Em contraste com a visão monocular, o entendimento do TRF4 sobre o HIV divergiu. O tribunal enfatizou que a avaliação da deficiência deve seguir o modelo biopsicossocial, conforme estipulado pela Lei Brasileira de Inclusão. Este modelo vai além dos aspectos puramente médicos ou biológicos, considerando as barreiras sociais, o preconceito, a discriminação e outros fatores que podem restringir a participação plena e equitativa de um indivíduo na sociedade.

Na fundamentação da decisão, o magistrado foi enfático ao afirmar que “a ausência de sintomas em pessoa vivendo com HIV não pode, isoladamente, servir para afastar o direito à política afirmativa”. Contudo, ressaltou também que seria um equívoco presumir que o mero diagnóstico de HIV, por si só, garantiria automaticamente o enquadramento como pessoa com deficiência. A análise, conforme o entendimento, deve ser estritamente individualizada.

Ao examinar o caso concreto, o TRF4 observou que a banca examinadora havia apenas concluído que o candidato não preenchia os requisitos para ser enquadrado como pessoa com deficiência, sem apresentar uma fundamentação detalhada. Para o magistrado, a avaliação deveria ter considerado em que medida a condição de pessoa HIV positivo se manifestou, ao longo da vida do candidato, como um gerador de barreiras sociais que justificassem sua inclusão na política de reserva de vagas PcD.

A Perspectiva da Advocacia Especializada

O advogado Agnaldo Bastos, do escritório Agnaldo Bastos Advocacia Especializada, responsável pela defesa do candidato, manifestou que a decisão judicial solidifica a importância da “aplicação efetiva do modelo biopsicossocial nos concursos públicos“. Conforme Bastos, “pessoas vivendo com HIV não podem ser excluídas automaticamente das políticas afirmativas apenas porque se encontram assintomáticas”.

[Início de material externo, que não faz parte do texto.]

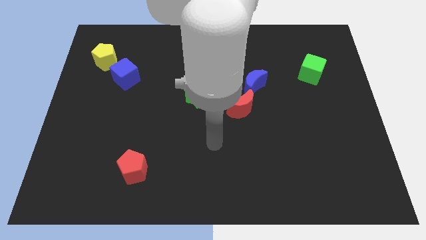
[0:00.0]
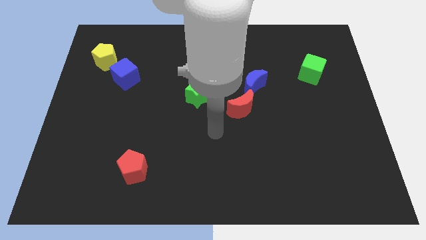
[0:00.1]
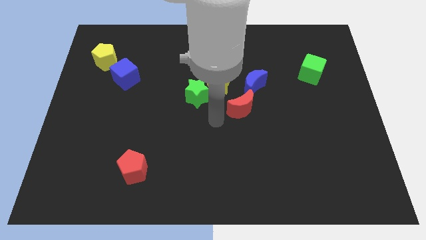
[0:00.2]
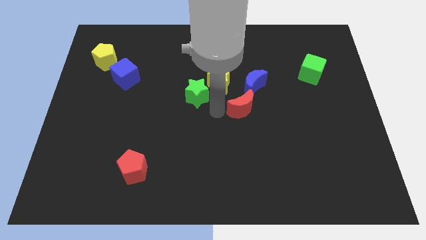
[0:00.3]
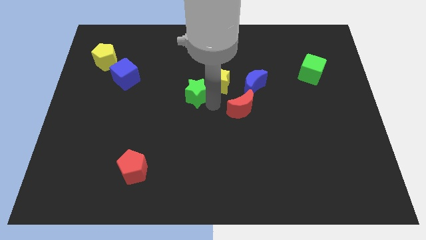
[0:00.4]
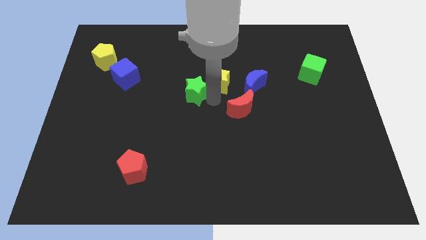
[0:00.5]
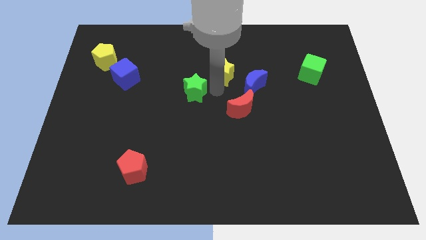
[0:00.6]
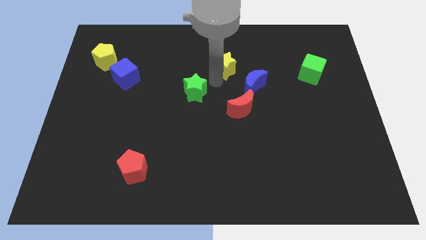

Ele argumenta que a avaliação deve levar em conta o impacto social da condição de saúde, incluindo experiências de preconceito e discriminação que possam limitar a participação plena do candidato em igualdade de oportunidades. Agnaldo Bastos destaca a relevância dessa discussão, pois, em sua visão, “muitas bancas ainda adotam análise predominantemente médica, sem observar a dimensão social exigida pela Lei Brasileira de Inclusão”.

Risco de Dano e Próximos Passos no Concurso HCPA

O TRF4 também reconheceu o “perigo de dano” no caso, especialmente diante da iminente homologação final do concurso. A decisão aponta que um eventual avanço do certame, com a possibilidade de nomeações, poderia acarretar “prejuízos de difícil reparação” ao candidato, caso a avaliação adequada fosse postergada para o final do processo.

Com base nesse raciocínio, o tribunal determinou que a banca organizadora do concurso do HCPA realize um novo estudo biopsicossocial e, posteriormente, refaça a análise da condição de PcD do candidato. É importante frisar que a decisão não concedeu, neste momento, o direito à inclusão imediata do candidato na lista de cotistas, mas assegurou que o seu enquadramento seja revisado a partir de critérios individualizados e compatíveis com as exigências do modelo biopsicossocial.